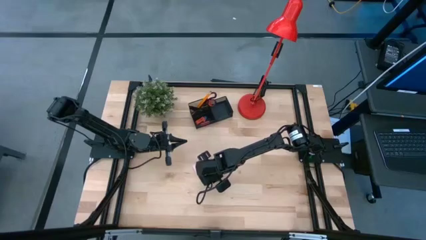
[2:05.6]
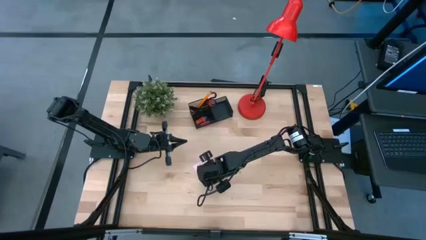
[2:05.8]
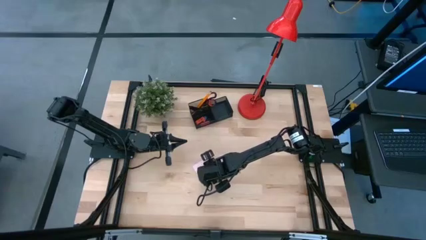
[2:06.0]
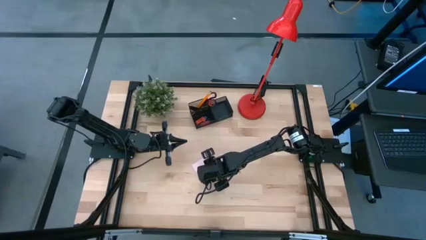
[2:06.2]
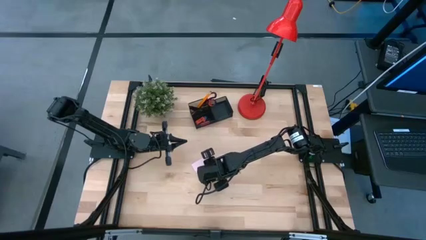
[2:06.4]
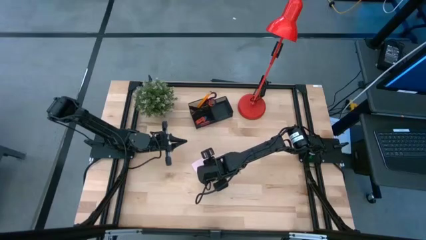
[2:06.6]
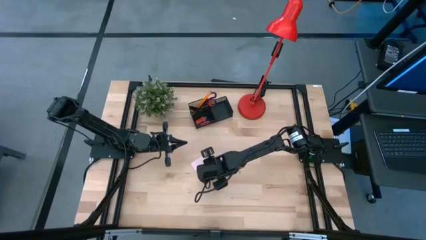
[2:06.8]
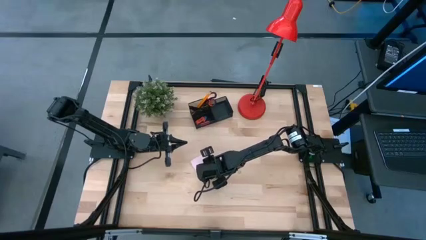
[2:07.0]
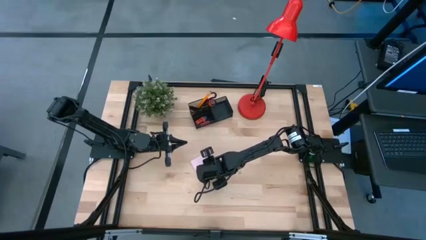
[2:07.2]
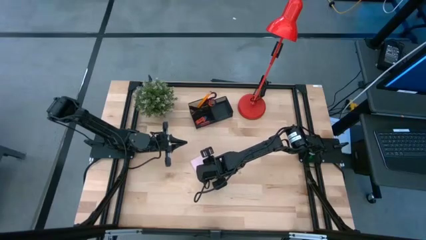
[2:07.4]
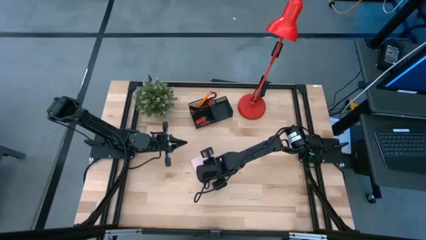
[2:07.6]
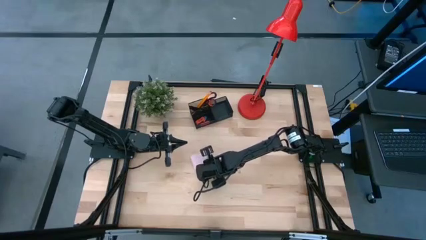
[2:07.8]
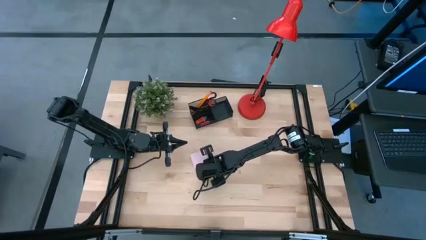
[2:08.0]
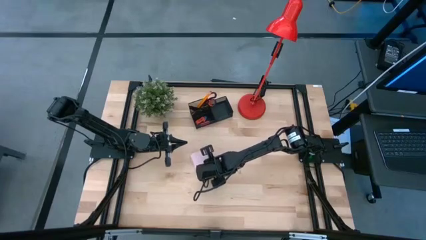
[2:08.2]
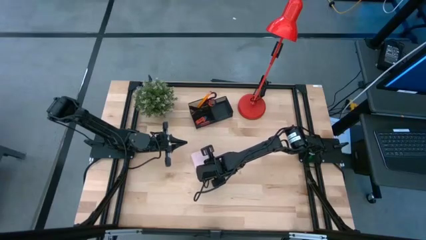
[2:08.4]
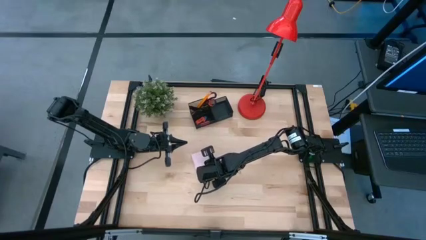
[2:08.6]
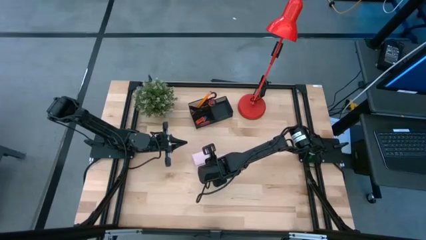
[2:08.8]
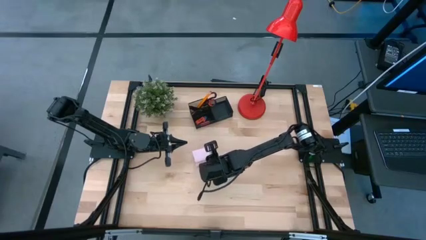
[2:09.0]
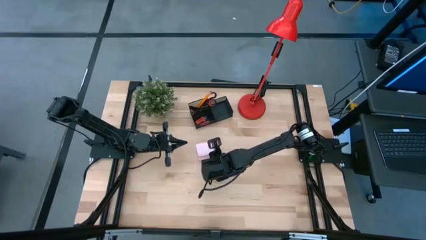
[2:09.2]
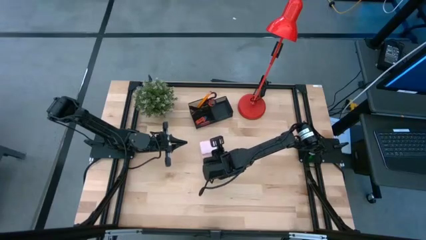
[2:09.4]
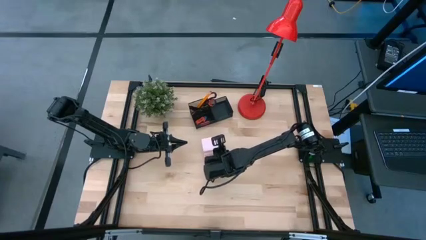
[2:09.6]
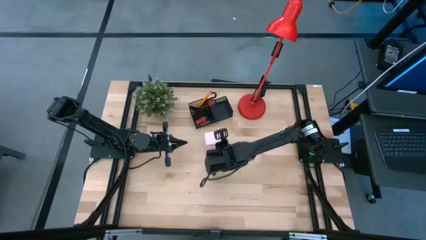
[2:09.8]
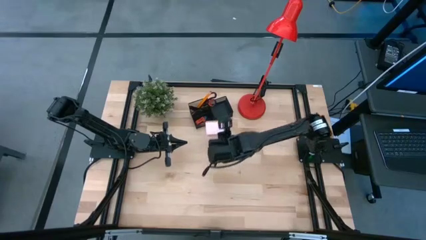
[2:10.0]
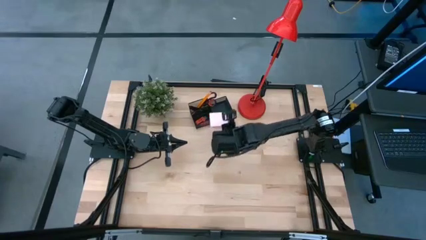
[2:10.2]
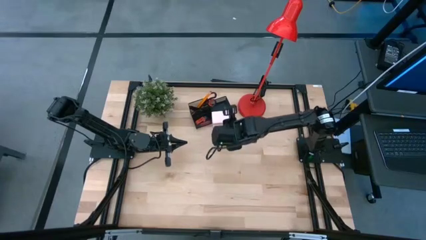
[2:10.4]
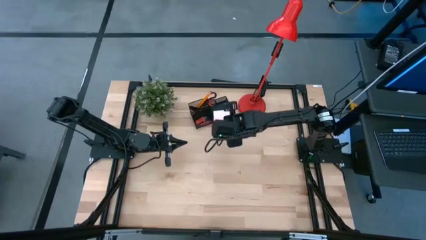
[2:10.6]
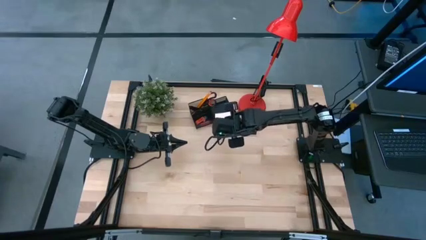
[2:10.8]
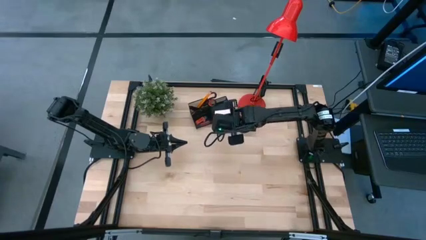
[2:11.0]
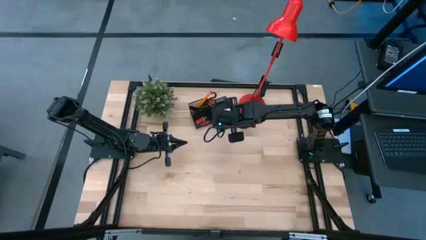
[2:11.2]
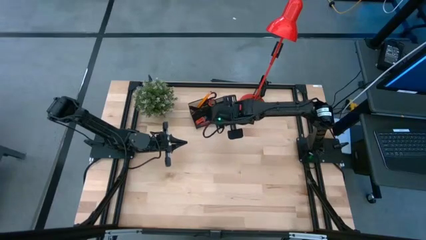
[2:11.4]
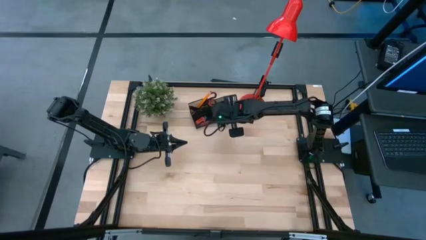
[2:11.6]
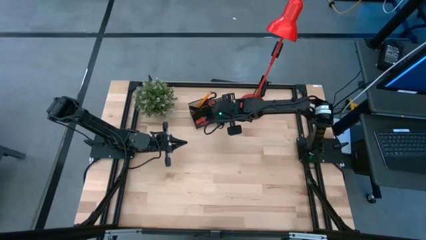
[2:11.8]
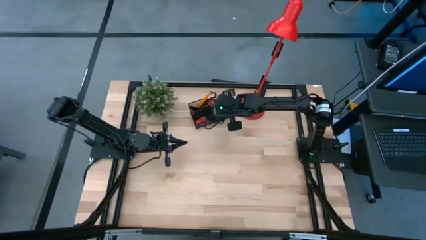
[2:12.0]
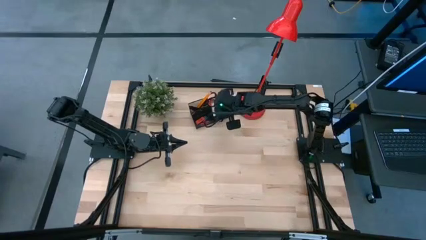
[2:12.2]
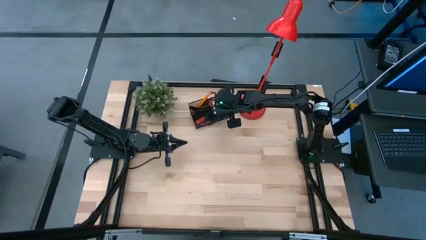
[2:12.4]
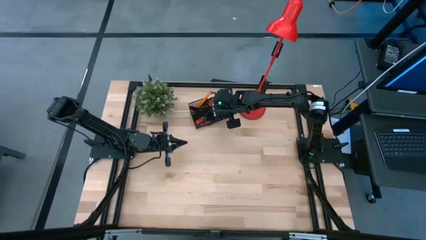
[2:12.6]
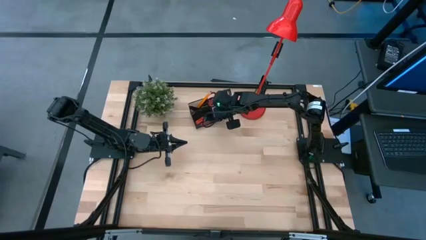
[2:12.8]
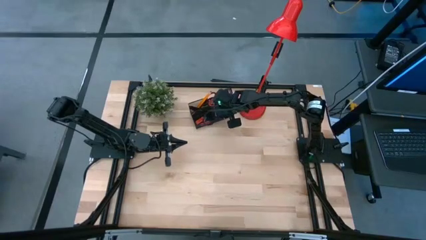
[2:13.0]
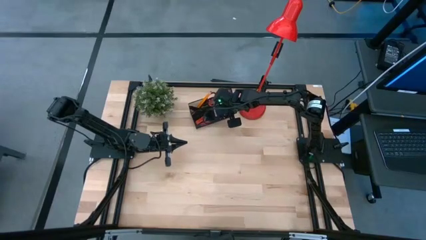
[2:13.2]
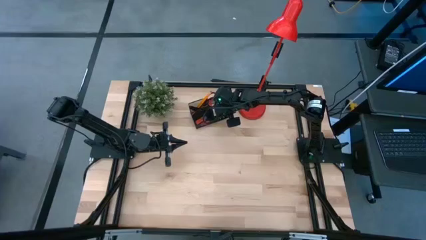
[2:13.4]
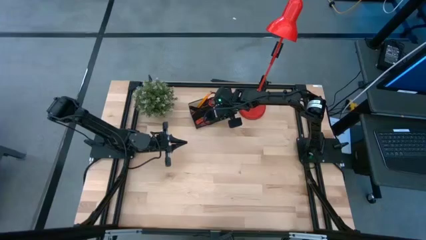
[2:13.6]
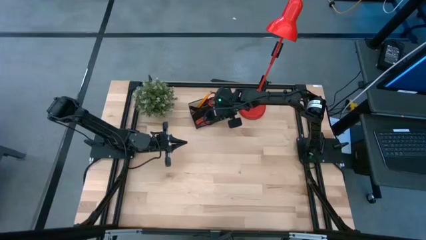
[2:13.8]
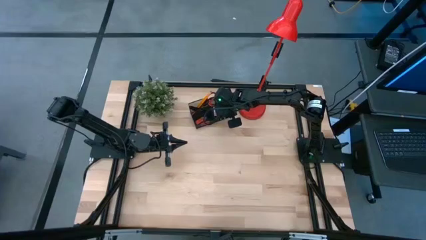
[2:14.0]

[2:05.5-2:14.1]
Task: Pick and place office supplies into organizer
Put the pink sticky notes into the black desk organizer

··········

Could you output all of the entries above exactly? Leave the pictures out.

[2:05.6]
[2:05.8]
[2:06.0]
[2:06.2]
[2:06.4]
[2:06.6]
[2:06.8]
[2:07.0]
[2:07.2]
[2:07.4]
[2:07.6]
[2:07.8]
[2:08.0]
[2:08.2]
[2:08.4]
[2:08.6]
[2:08.8]
[2:09.0]
[2:09.2]
[2:09.4]
[2:09.6]
[2:09.8]
[2:10.0]
[2:10.2]
[2:10.4]
[2:10.6]
[2:10.8]
[2:11.0]
[2:11.2]
[2:11.4]
[2:11.6]
[2:11.8]
[2:12.0]
[2:12.2]
[2:12.4]
[2:12.6]
[2:12.8]
[2:13.0]
[2:13.2]
[2:13.4]
[2:13.6]
[2:13.8]
[2:14.0]

[2:05.5-2:14.1]
Task: Pick and place office supplies into organizer
Put the pink sticky notes into the black desk organizer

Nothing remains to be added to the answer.